(WHAT TO PRODUCE): Leaving out the pictures, copy each record below exactly.

Dataset entries:
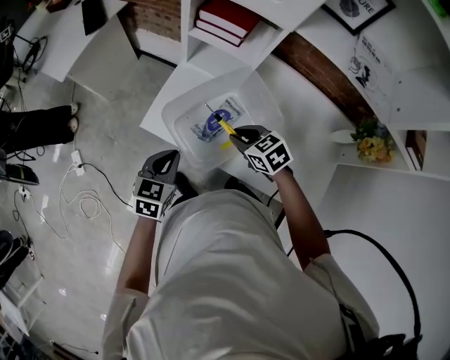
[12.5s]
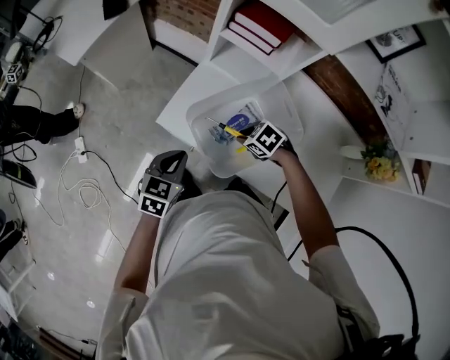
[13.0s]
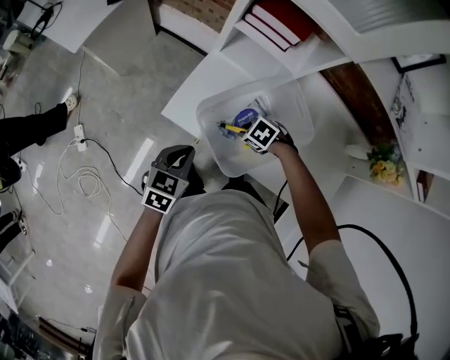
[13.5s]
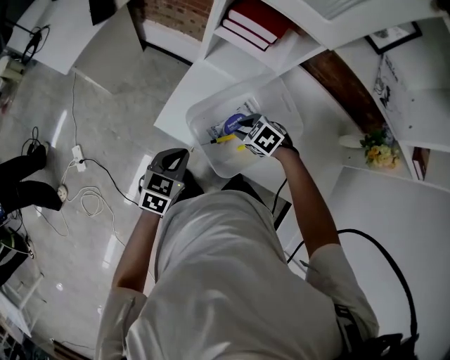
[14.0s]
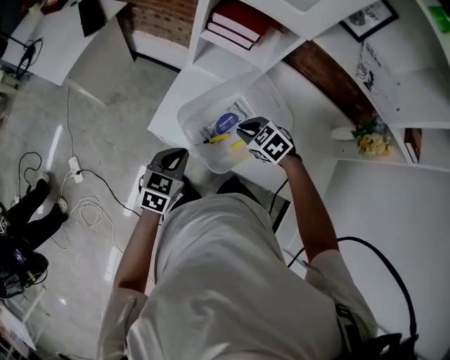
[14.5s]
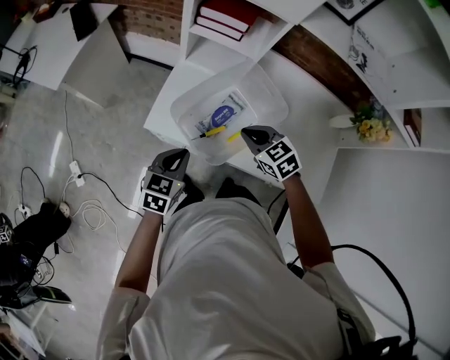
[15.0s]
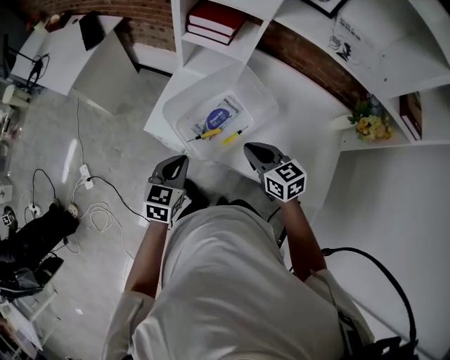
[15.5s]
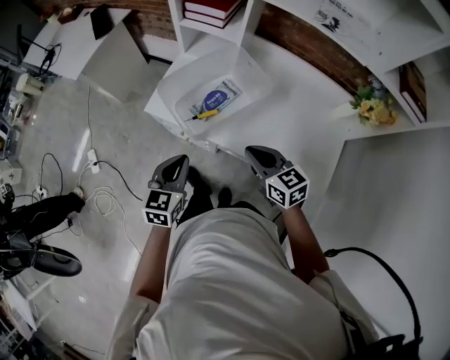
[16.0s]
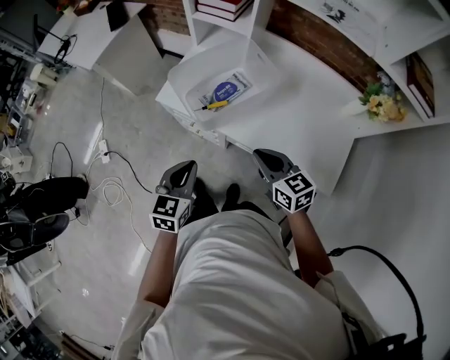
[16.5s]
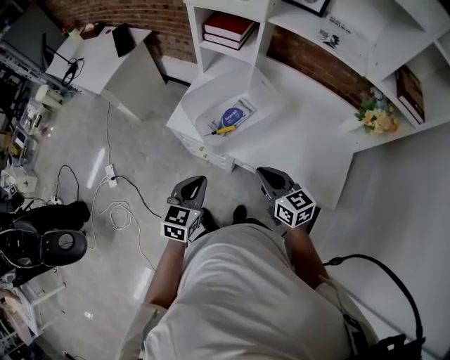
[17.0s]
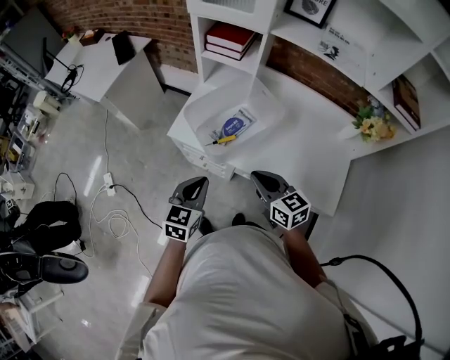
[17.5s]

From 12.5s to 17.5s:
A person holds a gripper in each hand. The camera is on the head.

(YOUR RESPONSE):
[12.5s]
[13.0s]
[13.5s]
[14.0s]
[14.5s]
[15.0s]
[15.5s]
[16.0s]
[16.5s]
[17.0s]
[17.5s]

From 12.5s to 17.5s:
A person holds a gripper in each hand. The camera is on the head.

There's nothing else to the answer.